Set and use environment variables with init scripts

Init scripts have access to all environment variables present on a cluster. Azure Databricks sets many default variables that can be useful in init script logic.

Environment variables set in the Spark config are available to init scripts. See Environment variables.

What environment variables are exposed to the init script by default?

Cluster-scoped and global init scripts support the following environment variables:

  • DB_CLUSTER_ID: the ID of the cluster on which the script is running. See the Clusters API.
  • DB_CONTAINER_IP: the private IP address of the container in which Spark runs. The init script is run inside this container. See the Clusters API.
  • DB_IS_DRIVER: whether the script is running on a driver node.
  • DB_DRIVER_IP: the IP address of the driver node.
  • DB_INSTANCE_TYPE: the instance type of the host VM.
  • DB_CLUSTER_NAME: the name of the cluster the script is executing on.
  • DB_IS_JOB_CLUSTER: whether the cluster was created to run a job. See Configure compute for jobs.

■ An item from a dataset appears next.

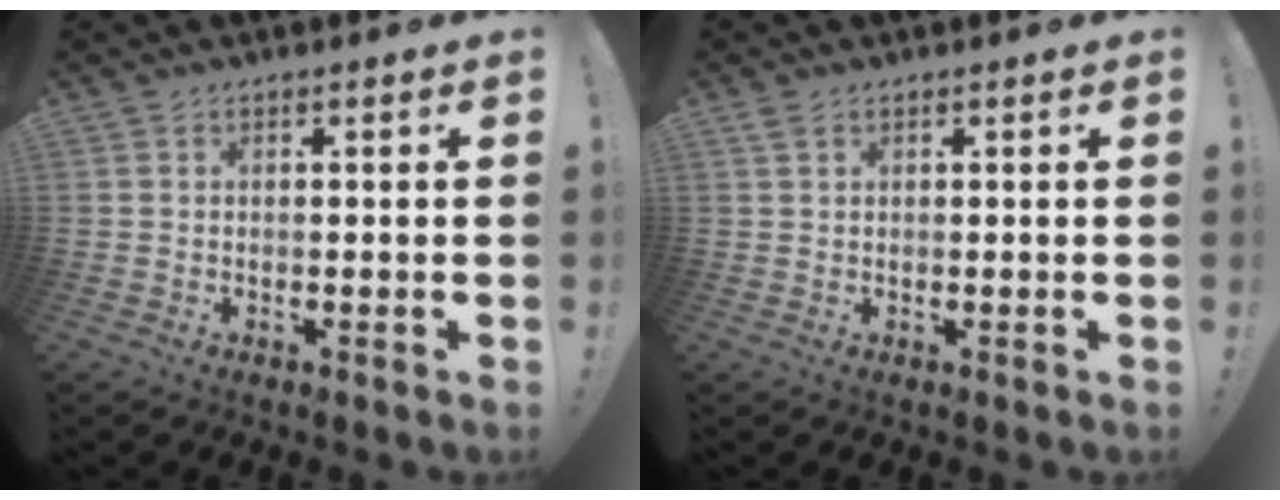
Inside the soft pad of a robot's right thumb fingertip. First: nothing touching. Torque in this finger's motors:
{"motor_torque": [-0.01, -0.05, 0.21, 0.15, -0.03]}

For example, if you want to run part of a script only on a driver node, you could write a script like:

echo $DB_IS_DRIVER
if [[ $DB_IS_DRIVER = "TRUE" ]]; then
  <run this part only on driver>
else
  <run this part only on workers>
fi
<run this part on both driver and workers>

Use secrets in init scripts

You can use any valid variable name when you reference a secret. Access to secrets referenced in environment variables is determined by the permissions of the user who configured the cluster. Secrets stored in environment variables are accessible by all users of the cluster, but are redacted from plaintext display.

See Reference a secret in an environment variable.